The cost of literacy 

By Gabriel Bernales & Nycel Jane Dela 

The nation’s education system stands on the brink of collapse. While the country’s leaders remain preoccupied with political maneuvering and self-serving agendas, millions of Filipinos are being left behind victims of a system that has failed to uphold one of their most basic rights: access to quality education.

The warning signs are impossible to ignore. According to the Philippine Statistics Authority’s Functional Literacy, Education, and Mass Media Survey (FLEMMS), 24 million Filipinos aged 10–64 are functionally illiterate, with 5.8 million unable to read or write at all. Even more disturbing is the fact that one in five high school graduates in 2024 was found to be functionally illiterate, amounting to over 18.9 million young people struggling with essential skills such as reading, writing, arithmetic, and comprehension. The World Bank paints an equally grim picture: 91% of Filipino children aged 10 cannot read a simple text, a crisis further exacerbated by the pandemic.

Even before COVID-19, the quality of Philippine education had been steadily declining. In the 2022 Programme for International Student Assessment (PISA), Filipino 15-year-olds scored an average of just 14 points in creative thinking—placing the Philippines among the bottom four of 64 countries. This assessment measured the ability to generate and improve ideas through imagination and innovation—skills essential for the 21st century.

Poverty and child labor remain major drivers of illiteracy. In 2023, 678,000—62% of the 1.1 million working children—were engaged in hazardous labor. Early pregnancies also disrupt education, with a staggering 35% increase in live births among girls under 15. With 10.5 million Filipino children living in poverty as of 2021, these barriers only deepen the cycle of educational deprivation and functional illiteracy.

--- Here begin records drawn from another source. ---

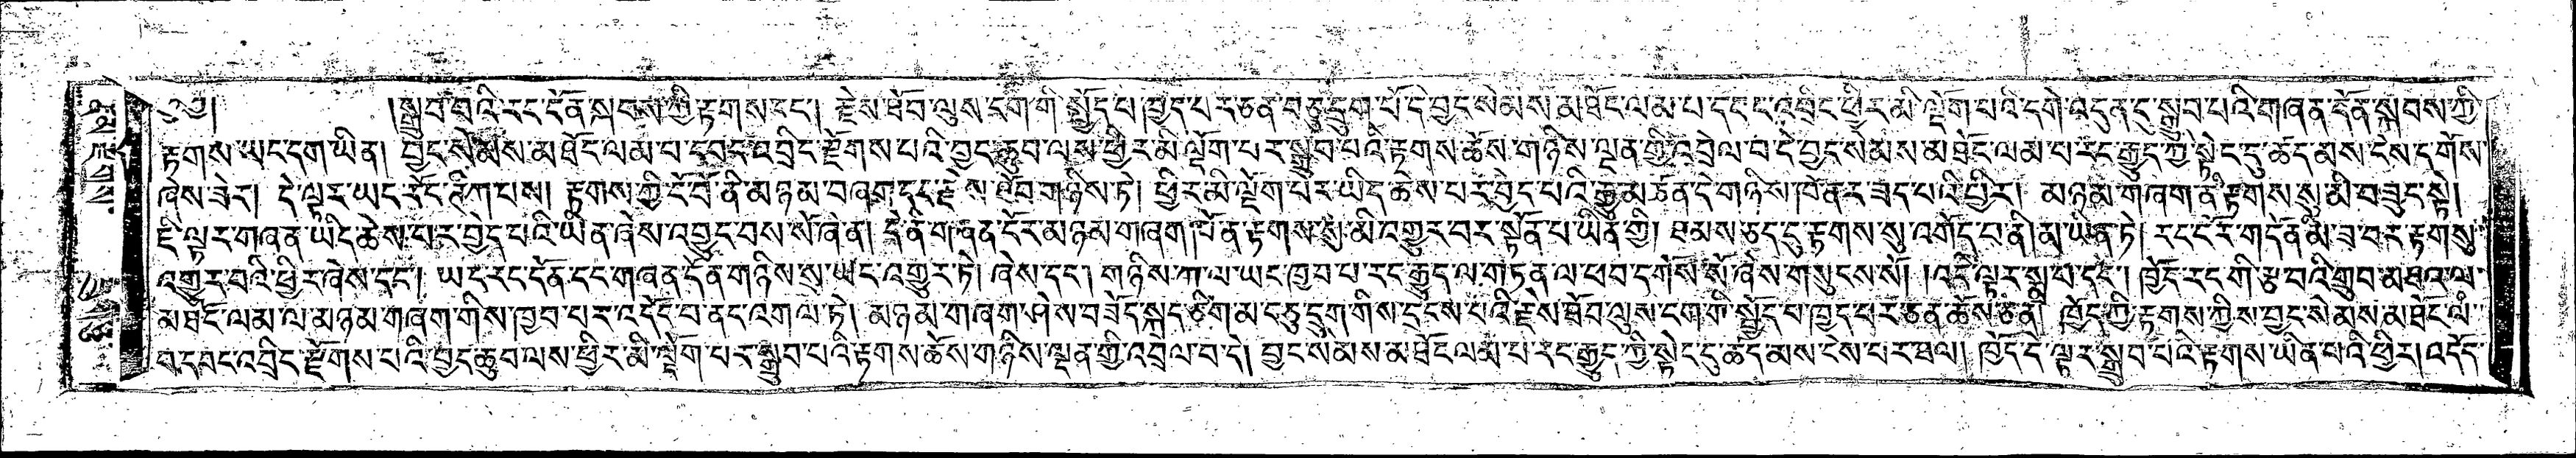༄༅། །སྒྲུབ་བའི་རང་དོན་སྐབས་ཀྱི་རྟགས་དང་། རྗེས་ཐོབ་ལུས་ངག་གི་སྤྱོད་པ་ཁྱད་པར་ཅན་བཅུ་དྲུག་པོ་དེ་བྱང་སེམས་མཐོང་ལམ་པ་དབང་འབྲིང་ཕྱིར་མི་ལྡོག་པའི་དགེ་འདུན་དུ་སྒྲུབ་པའི་གཞན་དོན་སྐབས་ཀྱི་
རྟགས་ཡང་དག་ཡིན། བྱང་སེམས་མཐོང་ལམ་པ་དབང་འབྲིང་རྫོགས་པའི་བྱང་ཆུབ་ལས་ཕྱིར་མི་ལྡོག་པར་སྒྲུབ་པའི་རྟགས་ཆོས་གཉིས་ལྡན་གྱི་འབྲེལ་བ་དེ་བྱང་སེམས་མཐོང་ལམ་པ་རང་རྒྱུད་ཀྱི་སྟེང་དུ་ཚད་མས་ངེས་དགོས་
ཞེས་ཟེར། དེ་ལྟར་ཡང་རོང་ཊཱིཀ་པས། རྟགས་ཀྱི་ངོ་བོ་ནི་མཉམ་བཞག་དང་རྗེས་ཐོབ་གཉིས་ཏེ། ཕྱིར་མི་ལྡོག་པར་ཡིད་ཆེས་པར་བྱེད་པའི་རྒྱུ་མཚན་དེ་གཉིས་ཁོ་ནར་ཟད་པའི་ཕྱིར། མཉམ་གཞག་ནི་རྟགས་སུ་མི་བཟུང་སྟེ།
ཇི་ལྟར་གཞན་ཡིད་ཆེས་པར་བྱེད་པའི་ཡིན་ཞེས་འབྱུང་བས་སོ་ཞེ་ན། དེ་ནི་གཞན་ངོར་མཉམ་གཞག་ཁོ་ན་རྟགས་སུ་མི་འགྱུར་བར་སྟོན་པ་ཡིན་གྱི། ཐམས་ཅད་དུ་རྟགས་སུ་འགོད་པ་ནི། མ་ཡིན་ཏེ། རང་ངོར་གདོན་མི་ཟ་བར་རྟགས་སུ་
འགྱུར་བའི་ཕྱིར་ཞེས་དང་། ཡང་རང་དོན་དང་གཞན་དོན་གཉིས་སུ་ཡང་འགྱུར་ཏེ། ཞེས་དང་། གཉིས་ཀ་ལ་ཡང་ཁྱབ་པ་རང་རྒྱུད་ལ་གཏན་ལ་ཕབ་དགོས་སོ་ཞེས་གསུངས་སོ། །འདི་ལྟར་སྨྲ་བ་དང་། ཁྱོད་རང་གི་རྩ་བའི་གྲུབ་མཐའ་ལ་
མཐོང་ལམ་ལ་མཉམ་གཞག་གིས་ཁྱབ་པར་འདོད་བ་ནང་འགལ་ཏེ། མཉམ་གཞག་ཤེས་བཟོད་སྐད་ཅིག་མ་བཅུ་དྲུག་གིས་དྲངས་པའི་རྗེས་ཐོབ་ལུས་ངག་གི་སྤྱོད་པ་ཁྱད་པར་ཅན་ཆོས་ཅན། ཁྱོད་ཀྱི་རྟགས་ཀྱིས་བྱང་སེམས་མཐོང་ལམ་
པ་དབང་འབྲིང་རྫོགས་པའི་བྱང་ཆུབ་ལས་ཕྱིར་མི་ལྡོག་པར་སྒྲུབ་པའི་རྟགས་ཆོས་གཉིས་ལྡན་གྱི་འབྲེལ་བ་དེ། བྱང་སེམས་མཐོང་ལམ་པ་རང་རྒྱུད་ཀྱི་སྟེང་དུ་ཚད་མས་ངེས་པར་ཐལ། ཁྱོད་དེ་ལྟར་སྒྲུབ་པའི་རྟགས་ཡིན་པའི་ཕྱིར། འདོད་

What the country needs now is a comprehensive and well-funded education reform agenda—one that is inclusive, urgent, and future-ready. As of 2024, only 3.6% of the national GDP is allocated to education, far below the 6% recommended by UNESCO. This chronic underinvestment is a key reason why classrooms remain overcrowded, learning materials are outdated, and teacher salaries are insufficient.

The government must prioritize increasing the education budget—not just for infrastructure, but also for teacher training, curriculum development, and targeted literacy programs in the most vulnerable communities.

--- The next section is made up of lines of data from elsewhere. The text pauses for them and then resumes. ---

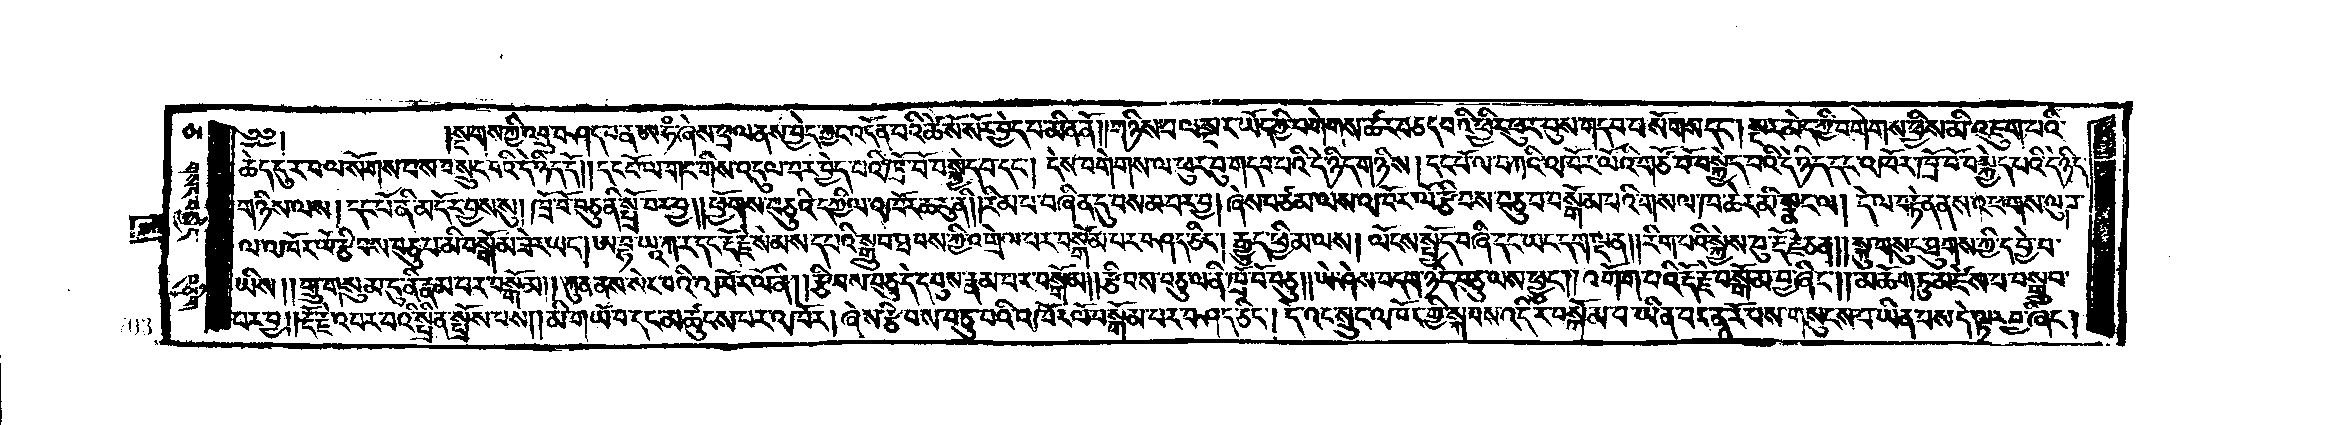༄༅། །སྔགས་ཀྱི་འབྲུ་བཤད་པ་ན་ཨ་ཧཾ་ཞེས་ཕྲལ་ནས་བྱེད་ཀྱང་འདོན་པའི་ཚེ་སོ་སོར་བྱེད་པ་མིན་ནོ། །གཉིས་པ་ལ་སྔར་ཡོད་ཀྱི་བགེགས་ཚར་བཅད་པའི་ཕྱིར་ཕུར་བུས་གདབ་པ་སོགས་དང་། སྔར་མེད་ཀྱི་བགེགས་ཕྱིས་མི་འཇུག་པའི་
ཆེད་དུ་ར་བ་ལ་སོགས་པས་བསྲུང་བའི་དེ་ཉིད་དོ། །དང་པོ་ལ་གང་གིས་འདུལ་བར་བྱེད་པའི་ཁྲོ་བོ་བསྐྱེད་པ་དང་། དེས་བགེགས་ལ་ཕུར་བུ་གདབ་པའི་དེ་ཉིད་གཉིས། དང་པོ་ལ་བཀའི་འཁོར་ལོའི་གཙོ་བོ་བསྐྱེད་པའི་དེ་ཉིད་དང་འཁོར་ཁྲོ་བོ་བསྐྱེད་པའི་དེ་ཉིད་
གཉིས་ལས། དང་པོ་ནི་མདོར་བྱས་སུ། ཁྲོ་བོ་བཅུ་ནི་སྤྲོ་བར་བྱ། །ཕྱོགས་བཅུའི་དཀྱིལ་འཁོར་ཆ་རུ་ནི། །རིམ་པ་བཞིན་དུ་བསམ་པར་བྱ། ཞེས་པ་ཙམ་ལས་འཁོར་ལོ་རྩིབས་བཅུ་པ་བསྒོམ་པའི་གསལ་ཁ་ཆེར་མི་སྣང་ལ། དེ་ལ་བརྟེན་ནས་འཕགས་ལུགས་
ལ་འཁོར་ལོ་རྩིབས་བཅུ་པ་མི་བསྒོམ་ཟེར་ཡང་། ཨ་བྷ་ཡཱ་ཀ་ར་དང་རྡོ་རྗེ་སེམས་དཔའི་སྒྲུབ་ཐབས་ཀྱི་འགྲེལ་པར་བསྒོམ་པར་བཤད་ཅིང་། རྒྱུད་ཕྱི་མ་ལས། ལོངས་སྤྱོད་བཞི་དང་ཡང་དག་ལྡན། །རིག་པའི་སྐྱེས་བུ་རྡོ་རྗེ་ཅན། །སྐུ་གསུང་ཐུགས་ཀྱི་དབྱེ་བ་
ཡིས། །གྲུ་གསུམ་དུ་ནི་རྣམ་པར་བསྒོམ། །ཀུན་ནས་སེར་བའི་འཁོར་ལོ་ནི། །རྩིབས་བཅུ་དེ་དབུས་རྣམ་པར་བསྒོམ། །རྩིབས་བཅུ་ལ་ནི་ཁྲོ་བོ་བཅུ། །ཡེ་ཤེས་བདག་ཉིད་བཅུ་ལས་ཕྱུང་། །འགོག་པའི་རྡོ་རྗེ་བསྒོམ་བྱ་ཞིང་། །མཆོག་ཏུ་མཛེས་པ་བསྒྲུབ་
པར་བྱ། །རྡོ་རྗེ་འབར་བའི་སྤྲིན་སྤྲོས་པས། །མི་གཡོ་བ་དང་མཚུངས་པར་འཁོར། ཞེས་རྩིབས་བཅུ་བའི་འཁོར་ལོ་བསྒོམ་པར་བཤད་ཅིང་། དེ་འང་སྲུང་འཁོར་གྱི་སྐབས་འདིར་བསྒོམ་པ་ཡིན་པར་ནཱ་རོ་པས་གསུངས་པ་ཡིན་པས་དེ་ལྟར་བྱ་ཞིང་།

However, funding alone is not enough. There must be accountability, transparency, and a collective effort to rebuild trust in the education system. Teachers need stronger support—not just financially, but professionally—through fair wages, continuous training, and access to mental health services. Parents and communities must also be empowered to take an active role in their children’s learning, breaking the mindset that education is solely the government’s responsibility.

If this trajectory continues, the consequences will be dire—not just for individual lives, but for the nation’s future. The education crisis is no longer a distant threat. It is here, it is urgent, and it demands the full attention of those in power. Without bold reforms, decisive investments, and a clear national commitment to quality learning, the Philippines risks raising a generation unprepared for the challenges of tomorrow.